How come we know intuitively what verbs we can un- and which ones we can't. This final 26 January 2013 Lingua Franca was triggered by the words of the popsong, 'Unbreak my Heart'. The reknowned grammarian and former keyboard player in the soul group the Ram Jam Band, Geoff Pullum, uncovered the reversing 'un'-cryptotype while visiting Australia.
  The entire Lingua Franca series is available online as transcripts and audio files. Wonderful stimulating fodder for language lovers. Thanks to the Australian Broadcasting Commission and Maria Zijlstra.

Friday, February 22, 2013

Every language is an old-growth forest of the mind

I believe we need to think about how a language dies. When you consider all that died with Bo Senior, it is sobering. As National Geographic Explorer Wade Davis has said, ““A language is not just a body of vocabulary or a set of grammatical rules. … Every language is an old-growth forest of the mind.” In other words, there was much more that died with Bo Senior than just a compilation of phonetics and phonemes. A history of a people of the world with all its stories and wisdom died too. It would seem that, as with the extinction of an endangered species, when a language dies, it leaves our world a little less charming and a lot less educated.

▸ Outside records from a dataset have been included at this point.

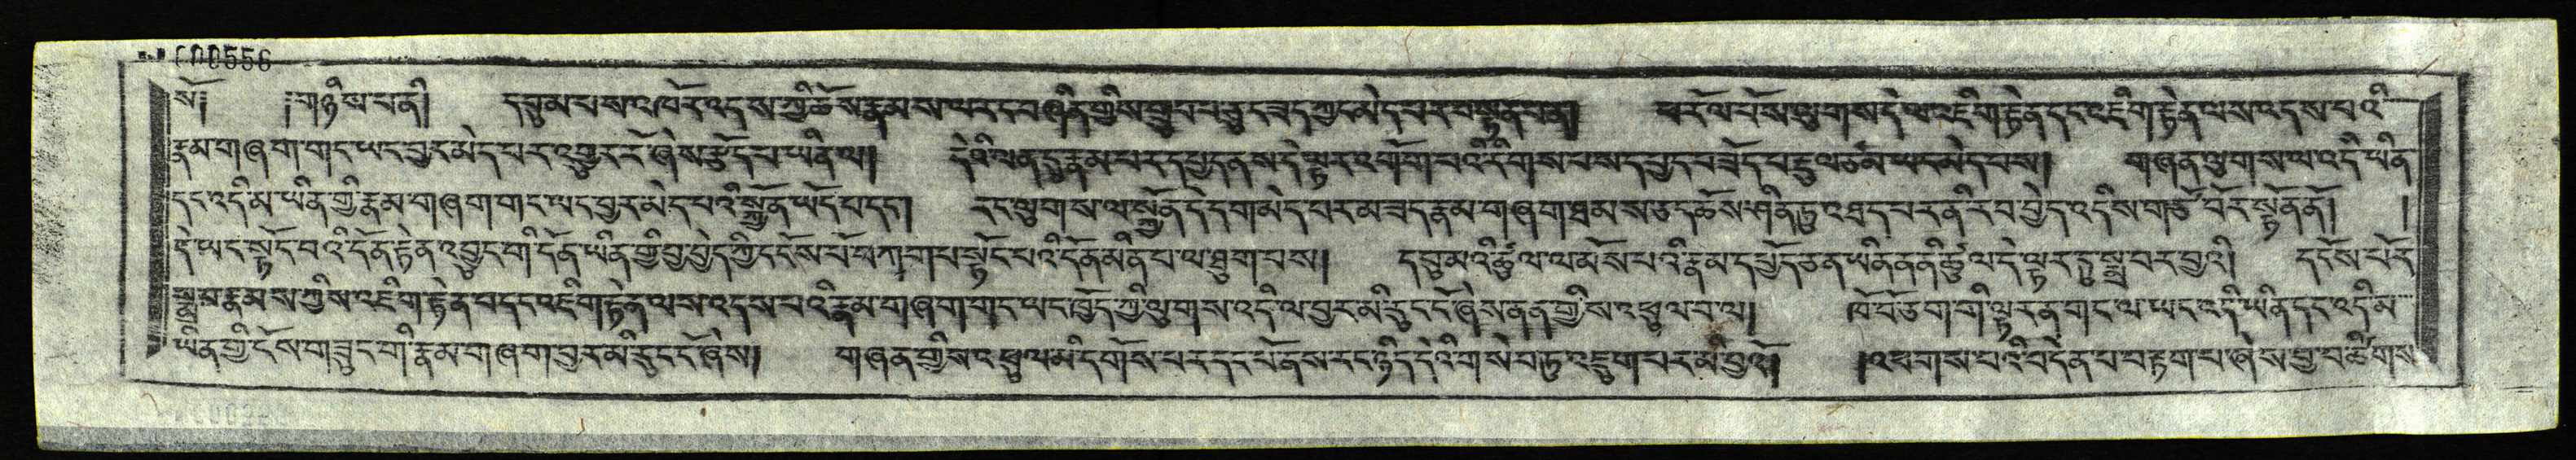སོ༑ ༑གཉིས་པ་ནི། དབུ་མ་པས་འཁོར་འདས་ཀྱི་ཆོས་རྣམས་ལ་རང་བཞིན་གྱིས་གྲུབ་པ་ཅུང་ཟད་ཀྱང་མེད་པར་བསྟན་པ་ན། ཕ་རོལ་པོས་ལུགས་དེ་ལ་འཇིག་རྟེན་དང་འཇིག་རྟེན་ལས་འདས་པའི་
རྣམ་གཞག་གང་ཡང་བྱར་མེད་པར་འགྱུར་རོ་ཞེས་རྩོད་པ་ཡིན་ལ། དེའི་ལན་དུ་རྣམ་པར་དཔྱད་ནས་དེ་ལྟར་འགོག་པའི་རིགས་པས་དཔྱད་བཟོད་པ་རྔུལ་ཙམ་ཡང་མེད་པས། གཞན་ལུགས་ལ་འདི་ཡིན་
དང་འདི་མ་ཡིན་གྱི་རྣམ་གཞག་གང་ཡང་བྱར་མེད་པའི་སྐྱོན་ཡོད་པ་དང་། རང་ལུགས་ལ་སྐྱོན་དེ་དག་མེད་པར་མ་ཟད་རྣམ་གཞག་ཐམས་ཅད་ཆོས་ཤིན་ཏུ་འཐད་པར་ནི་རབ་བྱེད་འདིས་གཙོ་བོར་སྟོན་ནོ། །
དེ་ཡང་སྟོང་བའི་དོན་རྟེན་འབྱུང་གི་དོན་ཡིན་གྱི་བྱ་བྱེད་ཀྱི་དངོས་པོ་བཀག་པ་སྟོང་པའི་དོན་མིན་པ་ལ་ཐུག་པས། དབུ་མའི་ཚུལ་ལ་མོས་པའི་རྣམ་དཔྱོད་ཅན་ཡིན་ན་ནི་ཚུལ་དེ་ལྟར་དུ་སྨྲ་བར་བྱའི། དངོས་པོར་
སྨྲ་བ་རྣམས་ཀྱིས་འཇིག་རྟེན་པ་དང་འཇིག་རྟེན་ལས་འདས་པའི་རྣམ་གཞག་གང་ཡང་ཁྱོད་ཀྱི་ལུགས་འདི་ལ་བྱར་མི་རུང་ངོ་ཞེས་ནན་གྱིས་འཕུལ་བ་ལ། ཁོ་བོ་ཅག་གི་ལྟར་ན་གང་ལ་ཡང་འདི་ཡིན་དང་འདི་མ་
ཡིན་གྱི་ངོས་གཟུང་གི་རྣམ་གཞག་བྱར་མི་རུང་ངོ་ཞེས། གཞན་གྱིས་འཕུལ་མི་དགོས་པར་དང་པོ་ནས་རང་ཉིད་དེའི་གསེབ་ཏུ་འཇུག་པར་མི་བྱའོ། །འཕགས་པའི་བདེན་པ་བརྟག་པ་ཞེས་བྱ་བ་ཚིགས་
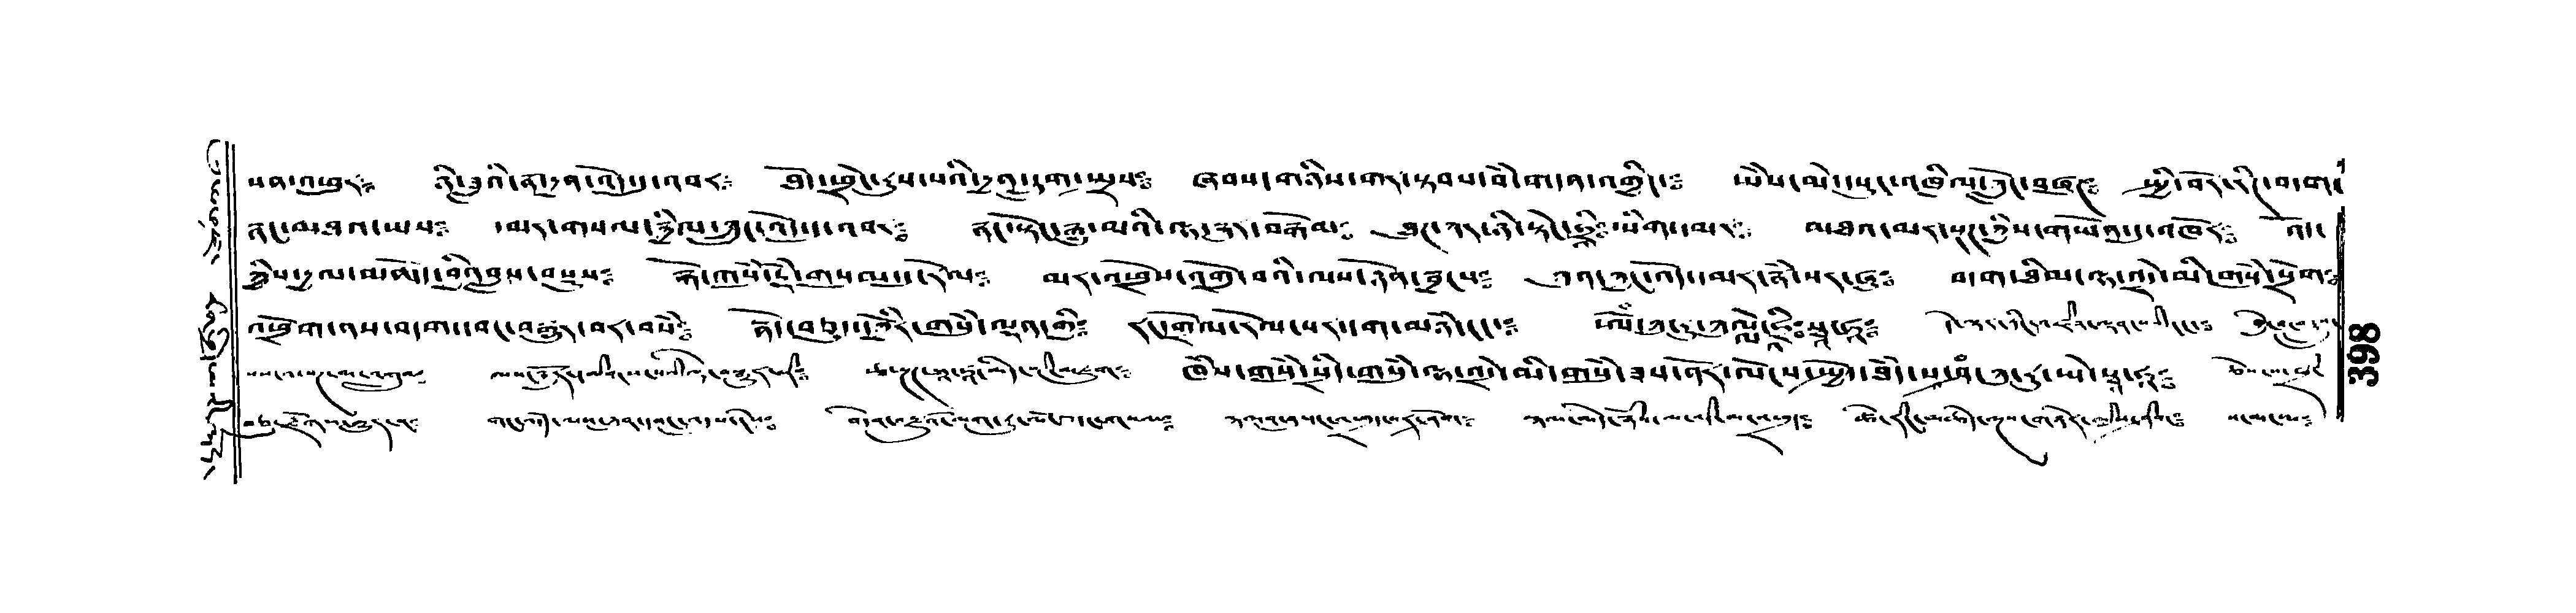པན་འཕུར༔ ཉི་ཟླའི་རྣ་རྒྱན་འོད་དུ་འབར༔ ཐོད་ཕྲེང་རུས་པའི་རྒྱན་དྲུག་སྤྲས༔ ཞབས་གཉིས་གར་སྟབས་བམ་གདན་འགྱིང༔ཡེ་ཤེས་མེ་དཔུང་འཁྱིལ་ཀློང་བཞུགས༔ སྤྱི་བོར་རིགས་བདག་
སྣང་མཐའ་ཡས༔ དམར་གསལ་སྐྱིལ་ཀྲུང་འོད་དུ་འབར༔ སྣང་སྟོང་སྒྱུ་མའི་ལྷ་སྐུར་བསྒོམ༔ ཐུགས་ཀར་ཉི་སྟེང་ཧྲཱིཿཡིག་དམར༔ མཐའ་མར་སྔགས་ཀྱིས་གཡོན་དུ་འཁོར༔ འོད་
ཀྱིས་རྒྱལ་མཆོད་བྱིན་རླབས་བསྡུས༔ སྒོ་གསུམ་རྡོ་རྗེ་གསུམ་དུ་རོལ༔ མར་འཕྲོས་འགྲོ་བའི་ལས་ཉོན་སྦྱངས༔ ཀུན་ཀྱང་འོད་དམར་རྣམ་པར་ཞུ༔ བདག་ཐིམ་ལྷ་འདྲེ་མི་གསུམ་སྲོག༔ 
འཕྲོགས་ནས་བདག་དབང་བསྒྱུར་བར་བསམ༔ སྣོད་བཅུད་དཀྱིལ་འཁོར་གསུམ་ལྡན་གྱི༔ རང་གྲོལ་རོལ་པར་དག་མཉམ་ངང༔ ཨོཾ་ཀུ་རུ་ཀུལླེ་ཧྲཱིཿསྭཱ་ཧཱཿ དེ་ལྟར་ཏིང་འཛིན་ལྡན་པའི་ངང༔ བྱེ་བ་བཟླས་
པས་འཕགས་མ་འགྲུབ༔ ལས་སྦྱོར་དམིགས་པའི་ལྡེ་བསྒྱུར་ནི༔ རྩ་སྔགས་སྭཱ་ཧཱ་མེད་པའི་མཇུག༔ ཁམས་གསུམ་སྲིད་གསུམ་ལྷ་འདྲེ་མི་གསུམ་ཟས་ནོར་ལོངས་སྤྱོད་ཐམས་ཅད་པཱ་ཤཾ་ཀུ་རུ་ཡེ་སྭཱ་ཧཱཿ ཅེས་པ་ཁྲི་
བཅུ་རྗོགས་གྱུར་ན༔ གང་འདོད་ལས་ཀུན་དབང་འདུས་ངེས༔ བདེན་བརྫུན་ལག་ཏུ་ལོངས་དང་གསལ༔ སྐལ་ལྡན་བུ་དང་འཕྲད་པར་ཤོག༔ སྐལ་མེད་རྣམས་ལ་འདི་མ་འཕྲད༔ ཚེ་རིང་མཆེད་ལྔས་གཉེར་གྱིས་ཤིག༔ ས་མ་ཡ༔
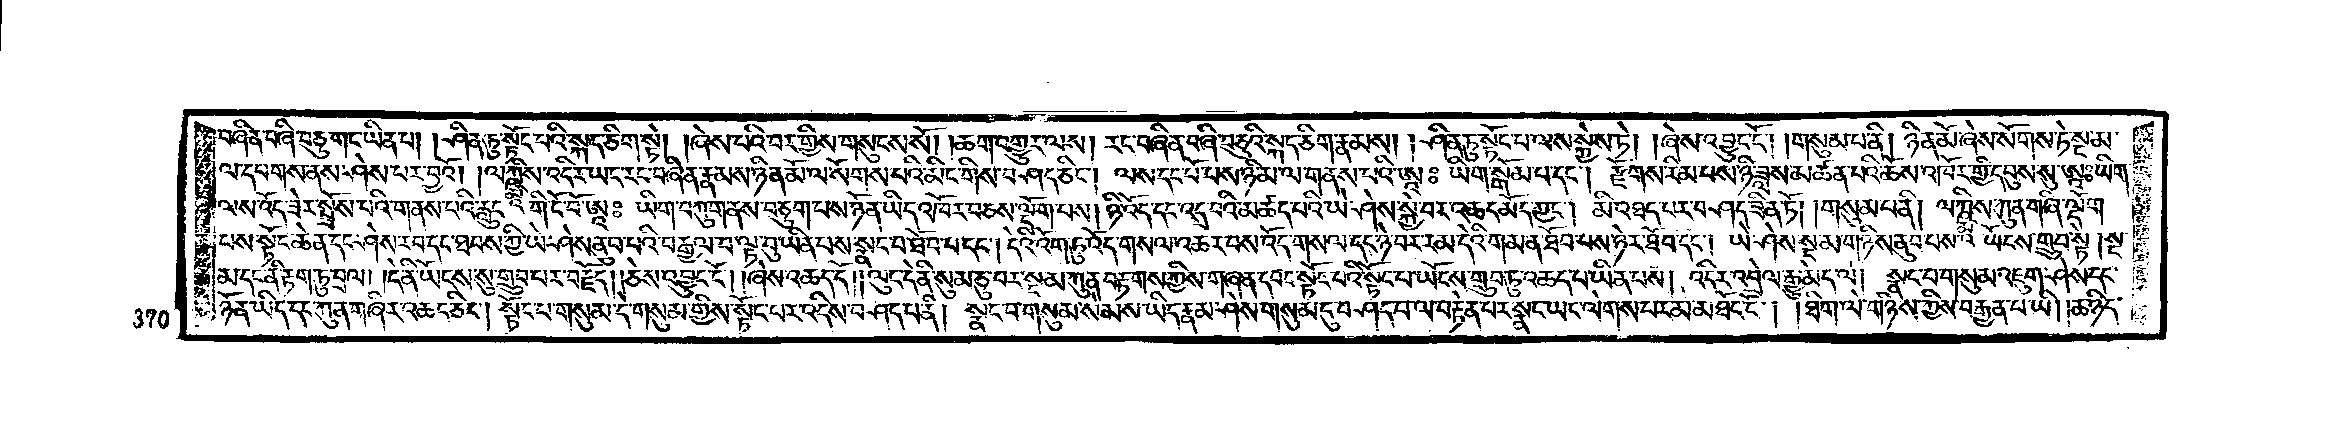བཞིན་བཞི་བཅུ་གང་ཡིན་པ། །ཤིན་ཏུ་སྟོང་པའི་སྐད་ཅིག་སྟེ། །ཞེས་པའི་བར་གྱིས་གསུངས་སོ། །ཆག་འགྱུར་ལས། རང་བཞིན་བཞི་བཅུའི་སྐད་ཅིག་རྣམས། །ཤིན་ཏུ་སྟོང་པ་ལས་སྐྱེས་ཏེ། །ཞེས་འབྱུང་ངོ། །གསུམ་པ་ནི། ཉིན་མོ་ཞེས་སོགས་ཏེ་སྔ་མ་
ལ་དབགས་ནས་ཤེས་པར་བྱའོ། །ལཀིཥྨཱིས་འདིར་ཡང་རང་བཞིན་རྣམས་ཉིན་མོ་ལ་སོགས་པའི་མིང་གིས་བཤད་ཅིང་། ལས་དང་པོ་པས་ཉི་མ་ལ་གནས་པའི་ཨཱཿ ཡིག་སྒོམ་པ་དང་། རྫོགས་རིམ་པས་ཉི་ཟླས་མཚན་པའི་ཆོས་འཁོར་གྱི་དབུས་སུ་ཨཱཿ ཡིག་
ལས་འོད་ཟེར་སྤྲོས་པའི་གནས་པའི་རླུང་གི་ངོ་བོ་ཨཱཿ ཡིག་བཀུག་ནས་བཅུག་པས་ཉོན་ཡིད་འཁོར་བཅས་ལྡོག་པས། ཉི་འོད་དང་འདྲ་བའི་མཆེད་པའི་ཡེ་ཤེས་སྐྱེ་བར་འཆད་མོད་ཀྱང་། མི་འཐད་པར་བཤད་ཟིན་ཏོ། །གསུམ་པ་ནི། ལཀིཥྨཱིས་ཀུན་གཞི་ལྡོག་
པས་སྟོང་ཆེན་དང་ཤེས་རབ་དང་ཐབས་ཀྱི་ཡེ་ཤེས་ནུབ་པའི་བརྒྱལ་བ་ལྟ་བུ་ཡིན་པས་སྣང་བ་ཐོབ་པ་དང་། དེའི་འོག་ཏུ་འོད་གསལ་འཆར་བས་འོད་གསལ་དང་ཉེ་བར་རམ་དེའི་གམ་ན་ཐོབ་པས་ཉེར་ཐོབ་དང་། ཡེ་ཤེས་སྔ་མ་གཉིས་ནུབ་པས་ཡོངས་གྲུབ་སྟེ། སྔ་
མ་དང་ནི་རྟག་ཏུ་བྲལ། །དེ་ནི་ཡོངས་སུ་གྲུབ་པར་བརྗོད། །ཅེས་འབྱུང་ངོ། །ཞེས་འཆད་དོ། །ལུང་དེ་ནི་སུམ་ཅུ་པར་སྔ་མ་ཀུན་བརྟགས་ཀྱིས་གཞན་དབང་སྟོང་པའི་སྟོང་པ་ཡོངས་གྲུབ་ཏུ་འཆད་པ་ཡིན་པས། འདིར་འབྲེལ་རྒྱུ་མེད་ལ། སྣང་བ་གསུམ་འཇུག་ཤེས་དང་
ཉོན་ཡིད་དང་ཀུན་གཞིར་འཆད་ཅིང་། སྟོང་པ་གསུམ་དེ་གསུམ་གྱིས་སྟོང་པར་འདིས་བཤད་པ་ནི། སྣང་བ་གསུམ་སེམས་ཡིད་རྣམ་ཤེས་གསུམ་དུ་བཤད་པ་ལ་བརྟེན་པར་སྣང་ཡང་ལེགས་པར་མ་མཐོང་ངོ། །ཐིག་ལེ་གཉིས་ཀྱིས་བརྒྱན་པ་ཡི། །ཆ་ཉིད་

How does a Language die? February 21st 2013 in Academy, Languages, Linguistics, One World. Also Speaking the language of your grandparents. Though Boa had no one to talk to in her native language she was often sighted talking to birds in her language as she maintained that birds were her ancestors and understood her. OBITUARY for Boa Senior, died 26th January, 2010, last speaker of Bo language.